→ **Problem description**: Pictures stay out; please output the remaining data exactly.

→ **Data for analysis**:
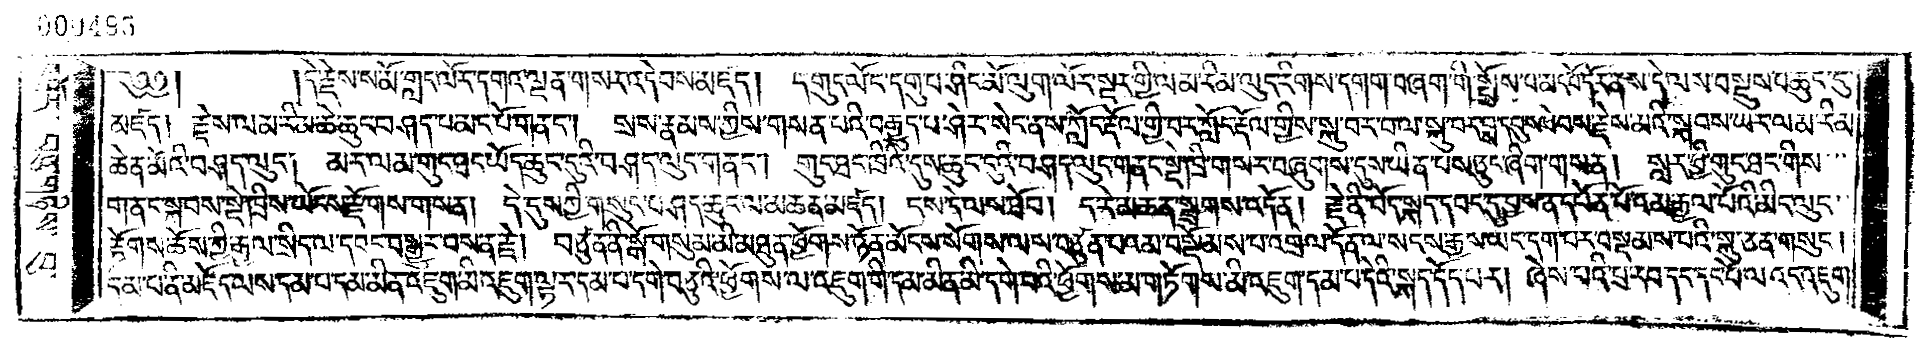༄༅། །དེ་རྗེས་ས་མོ་གླང་ལོར་དགའ་ལྡན་གསར་འདེབས་མཛད། དགུང་ལོ་ང་དགུ་པ་ཤིང་མོ་ལུག་ལོར་སྔར་གྱི་ལམ་རིམ་ལུང་རིགས་དགག་བཞག་གི་སྤྲོས་པ་མང་པོ་དོར་ནས་དེ་ལས་བསྡུས་པ་ཆུང་ངུ་
མཛད། རྗེས་ལམ་རིམ་ཆེ་ཆུང་བཤད་པ་མང་པོ་གནང་། སྲས་རྣམས་ཀྱིས་གསན་པའི་བརྒྱུད་པ་ཤེར་སེང་ནས་ཀློང་རྡོལ་གྱི་བར་ཀློང་རྡོལ་གྱིས་སྐུ་བར་བ་ལ་སྐུ་བར་བས་དབུས་ཕེབས་རྗེས་མའི་སྐབས་ཡར་ལམ་རིམ་
ཆེན་མོའི་བཤད་ལུང་། མར་ལམ་གུང་ཐང་ཡོད་ཆུང་ངུའི་བཤད་ལུང་གནང་། གུང་ཐང་ཁྲིའི་དུས་ཆུང་ངུའི་བཤད་ལུང་གནང་སྔེ་ཁྲི་གསར་བཞུགས་དུས་ཡིན་པས་ཅུང་ཞིག་གསན། སླར་ཕྱི་གུང་ཐང་གིས་
གནང་སྐབས་སྡེ་ཁྲིས་ཡོངས་རྫོགས་གསན། དེ་དུས་ཀྱི་གསུང་བཤད་ཆུང་ལ་མཆན་མཛད། ངས་དེ་ལས་ཐོབ། ད་རེ་མཆན་སྦྲགས་འདོན། རྗེ་ནི་བོད་སྐད་དབང་དུ་བྱས་ན་དཔོན་པོ་འམ་རྒྱལ་པོའི་མིང་ལུང་
རྟོགས་ཆོས་ཀྱི་རྒྱལ་སྲིད་ལ་དབང་བསྒྱུར་བས་ན་རྗེ། བཙུ་ན་ནི་སྒོ་གསུམ་མི་མཐུན་ཕྱོགས་ཉོན་མོངས་སོགས་ལས་བཙུན་པའམ་བསྡོམས་པ་འགྲེལ་དོན་ལ་སངས་རྒྱས་ཡང་དག་པར་བསྡམས་པའི་སྐུ་ཅན་གསུང་།
དམ་པ་ནི་མཛོད་ལས་དམ་པ་དམ་མིན་འཇུག་མི་འཇུག་ལྟར་དམ་པ་དགེ་བཅུའི་ཕྱོགས་ལ་འཇུག་གི་དམ་མིན་མི་དགེ་བའི་ཕྱོགས་མ་གཏོགས་མི་འཇུག་དམ་པ་དེའི་སྐད་དོད་པར། ཞེས་པའི་པྲ་རབ་དང་དང་པོ་ལའང་འཇུག་

→ **Expected answer**:
༄༅། །དེ་རྗེས་ས་མོ་གླང་ལོར་དགའ་ལྡན་གསར་འདེབས་མཛད། དགུང་ལོ་ང་དགུ་པ་ཤིང་མོ་ལུག་ལོར་སྔར་གྱི་ལམ་རིམ་ལུང་རིགས་དགག་བཞག་གི་སྤྲོས་པ་མང་པོ་དོར་ནས་དེ་ལས་བསྡུས་པ་ཆུང་ངུ་
མཛད། རྗེས་ལམ་རིམ་ཆེ་ཆུང་བཤད་པ་མང་པོ་གནང་། སྲས་རྣམས་ཀྱིས་གསན་པའི་བརྒྱུད་པ་ཤེར་སེང་ནས་ཀློང་རྡོལ་གྱི་བར་ཀློང་རྡོལ་གྱིས་སྐུ་བར་བ་ལ་སྐུ་བར་བས་དབུས་ཕེབས་རྗེས་མའི་སྐབས་ཡར་ལམ་རིམ་
ཆེན་མོའི་བཤད་ལུང་། མར་ལམ་གུང་ཐང་ཡོད་ཆུང་ངུའི་བཤད་ལུང་གནང་། གུང་ཐང་ཁྲིའི་དུས་ཆུང་ངུའི་བཤད་ལུང་གནང་སྔེ་ཁྲི་གསར་བཞུགས་དུས་ཡིན་པས་ཅུང་ཞིག་གསན། སླར་ཕྱི་གུང་ཐང་གིས་
གནང་སྐབས་སྡེ་ཁྲིས་ཡོངས་རྫོགས་གསན། དེ་དུས་ཀྱི་གསུང་བཤད་ཆུང་ལ་མཆན་མཛད། ངས་དེ་ལས་ཐོབ། ད་རེ་མཆན་སྦྲགས་འདོན། རྗེ་ནི་བོད་སྐད་དབང་དུ་བྱས་ན་དཔོན་པོ་འམ་རྒྱལ་པོའི་མིང་ལུང་
རྟོགས་ཆོས་ཀྱི་རྒྱལ་སྲིད་ལ་དབང་བསྒྱུར་བས་ན་རྗེ། བཙུ་ན་ནི་སྒོ་གསུམ་མི་མཐུན་ཕྱོགས་ཉོན་མོངས་སོགས་ལས་བཙུན་པའམ་བསྡོམས་པ་འགྲེལ་དོན་ལ་སངས་རྒྱས་ཡང་དག་པར་བསྡམས་པའི་སྐུ་ཅན་གསུང་།
དམ་པ་ནི་མཛོད་ལས་དམ་པ་དམ་མིན་འཇུག་མི་འཇུག་ལྟར་དམ་པ་དགེ་བཅུའི་ཕྱོགས་ལ་འཇུག་གི་དམ་མིན་མི་དགེ་བའི་ཕྱོགས་མ་གཏོགས་མི་འཇུག་དམ་པ་དེའི་སྐད་དོད་པར། ཞེས་པའི་པྲ་རབ་དང་དང་པོ་ལའང་འཇུག་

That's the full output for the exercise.